L’ambitieuse initiative de délogement des occupants de l’emprise des lignes haute tension à Abomey-Calavi doit aller jusqu’à sa concrétisation. Dans sa mise en œuvre,  des traitements particuliers ne doivent pas être accordés à qui que ce soit pour retarder la libération totale de l’espace dans le délai prescrit. Toutes les personnes exploitant le domaine doivent être traitées de la même façon pour donner le contenu et la force nécessaire à la mesure de libération.

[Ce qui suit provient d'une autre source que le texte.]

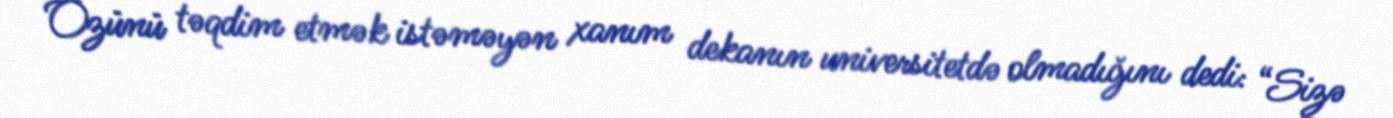
Özünü təqdim etmək istəməyən xanım dekanın universitetdə olmadığını dedi: “Sizə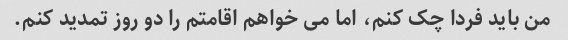
من باید فردا چک کنم، اما می خواهم اقامتم را دو روز تمدید کنم.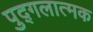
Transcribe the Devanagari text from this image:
पुद्गलात्मक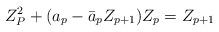
LaTeX: \begin{align*}Z_P^2 + (a_p - \bar a_p Z_{p+1})Z_p = Z_{p+1}\end{align*}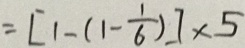
= [ 1 - ( 1 - \frac { 1 } { 6 } ) ] \times 5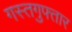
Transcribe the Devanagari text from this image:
गस्तगुफ्तार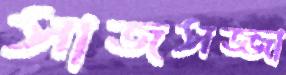
সাজসজ্জা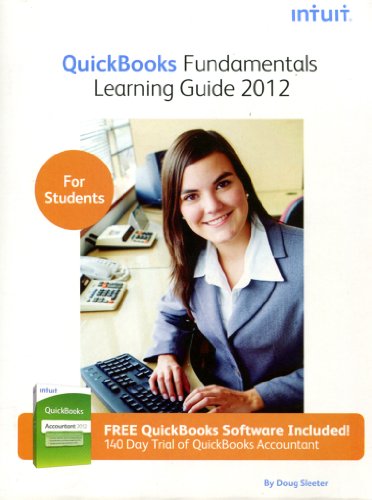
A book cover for QuickBooks Fundamentals Learning Guide 2012 for Quickbooks Pro and Premier Version 2012; Doug Sleeter; Computers & Technology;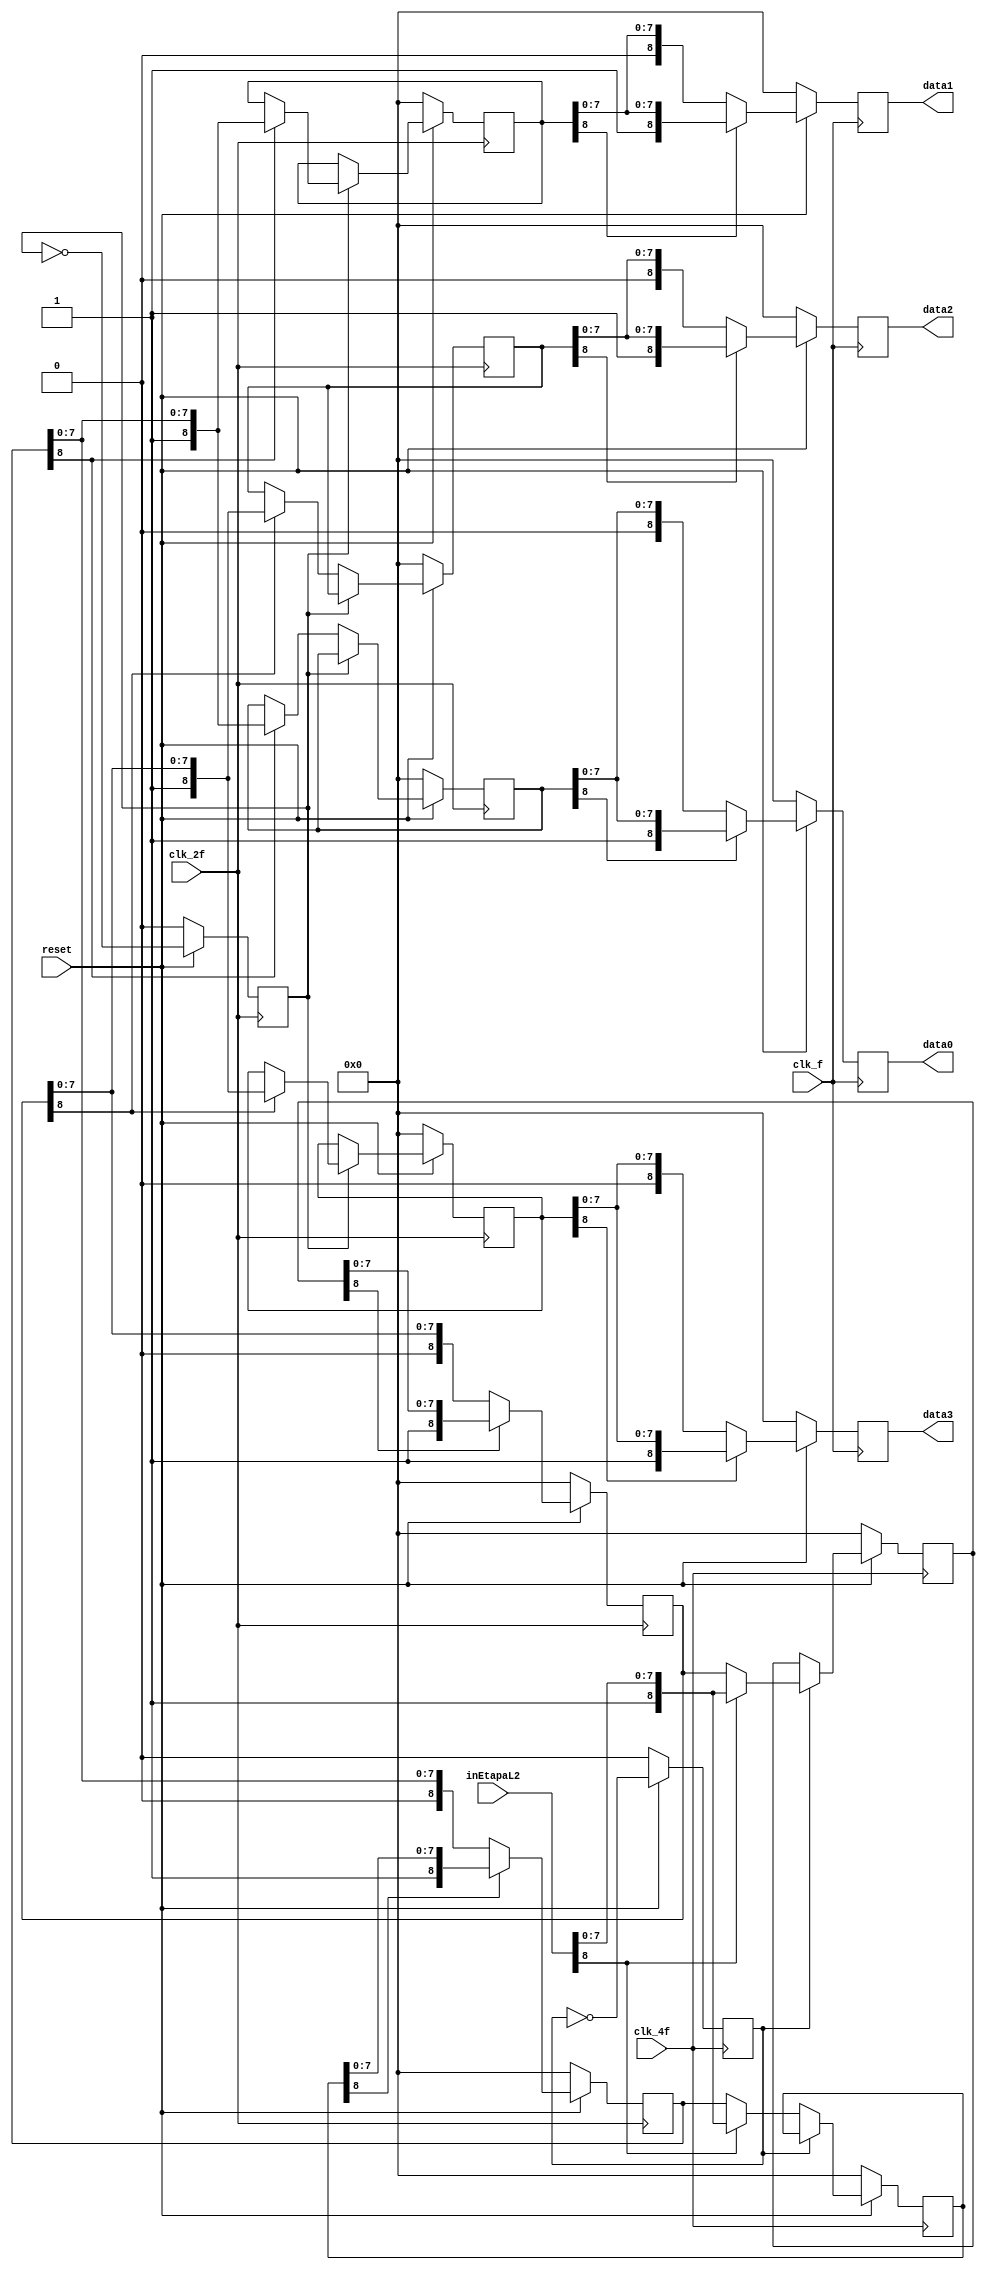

Il ne s’agira pas sous quelque prétexte, de faire d’abord partir certains au détriment d’autres.  Il faudra appliquer la même décision à tous les occupants qui devront libérer l’emprise au plus tard le 30 Mars et ceci pour leur propre sécurité. « J’ai initié cette séance pour nous permettre de faire un point d’étape de ce que nous avons entrepris depuis début Février pour libérer les emprises de la haute tension. J’ai observé la situation et j’ai vu qu’il y a trois (03) problématiques. La première concerne ceux qui occupent ces emprises en dehors des sportifs. Il doit y avoir une posture à avoir par rapport à ces gens. Il y a les sportifs, ceux qui viennent là de façon périodique pour un temps pour faire le sport, comment on règle leur problème et troisièmement, une fois que cette zone sera dégagée, ce que l’administration pourra faire pour que les gens ne reviennent pas », a entre autres confié sur la question le ministre conseiller aux infrastructures, à la gouvernance locale et au cadre de vie, Jacques Ayadji lors d’une réunion avec les Chefs d’arrondissement d’Abomey-Calavi  pour l’évaluation de  l’avancement des initiatives relatives à la libération de l’emprise des lignes haute tension à Godomey et environs.  Un engagement à faire traduire sans complaisance dans les actes pour éviter d’actes de favoritisme en direction de qui que ce soit. Sportifs, maraichers, artisans et autres ; tous devront être traités de la même façon pour s’éloigner des installations électriques de la haute tension. « Nous remercions déjà ceux qui ont commencé par partir parce qu’il y  en a qui partent déjà d’eux-mêmes. Ceux qui sont encore là, on va leur parler pour que d’ici quelques jours que ce domaine soit vide de présence humaine » ; le ministre conseiller aux infrastructures, à la gouvernance locale et au cadre de vie, Jacques Ayadji, une fois passée l’étape de la sensibilisation, devra agir sans état d’âme pour vider des lieux les récidivistes.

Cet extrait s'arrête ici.